Cynical, what are you running for fuel line?


----------



## Cynical 1 (Jan 23, 2003)

*Re: (Rocko'sEuroGTi)*


_Quote, originally posted by *Rocko’sEuroGTi* »_Cynical, what are you running for fuel line?

fuel line is simply 5/16 fuel line. i got the fuel injected variety because it is a little tougher. 
i cut and then flared the original metal feed line, then ran the hose off of it to my regulator, then from the regulator to the carbs. 
as for the rear, i came out of the tank, which is a 1/2 inch, stepped it down to 3/8 and went into a carter 4070 pump. from the pump is 5/16 to the stock metal line. 
i also have 2 inline fuel filters - 1 before the pump, and 1 before the carbs.


----------



## antichristonwheels (Jun 14, 2001)

*Re: (Rocko'sEuroGTi)*

thermal barrier is specifically designed to retain heat and it works better than any other option, It will never rust
http://www.swaintech.com/store.asp?pid=10969


----------



## Rocko'sEuroGTi (Feb 2, 2005)

*Re: (antichristonwheels)*

Well here it is, got it running. Still have to set timing, mixture and balance em. Sounds like a big displacement street bike.....Kinda cool! A lot more little things to do, like space the mani out from the head with micarta, and build a stainless duct/ heat shield to go between the mani and the header. A whole lot of d*cking around to get it here, but it finally works!

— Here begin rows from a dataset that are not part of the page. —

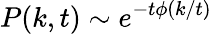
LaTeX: P(k,t)\sim e^{-t\phi(k/t)}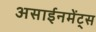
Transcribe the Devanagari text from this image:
असाईनमेंट्स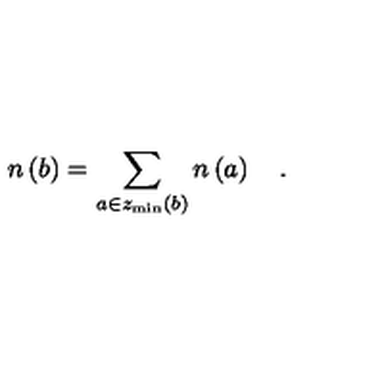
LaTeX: n \left( b \right) = \sum _ { a \in z _ { \min } \left( b \right) } n \left( a \right) \quad .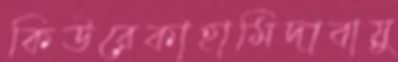
কিউরেকাহামিদাবায়ু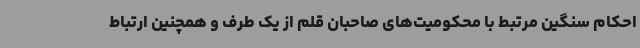
احکام سنگین مرتبط با محکومیت‌های صاحبان قلم از یک طرف و همچنین ارتباط

_Modified by Rocko'sEuroGTi at 7:41 AM 5-2-2009_


----------



## riceatingrabbit (Aug 20, 2005)

*Re: (Rocko'sEuroGTi)*


_Quote, originally posted by *Rocko’sEuroGTi* »_










are you underneath a car supported by just jacks


----------



## Rocko'sEuroGTi (Feb 2, 2005)

*Re: (riceatingrabbit)*

LOL, looks that way doesn't it! Its Ryan the other owner of the car, and he's Mr. Safety, if you look hard enough you can see his yellow jack stand preserving his well being.
So, took the car out for a boot today, am having some issues with the Empi regulator, my pressure gage reads 3 psi at all times, despite which setting i put the regulator at, and occasionally the fuel pressure will drop down to 0 without warning. I'm not sure if something is clogging the inlet of the regulator causing this drop to zero psi, but that still doesn't explain the inability to adjust the fuel pressure. Any suggestions?


----------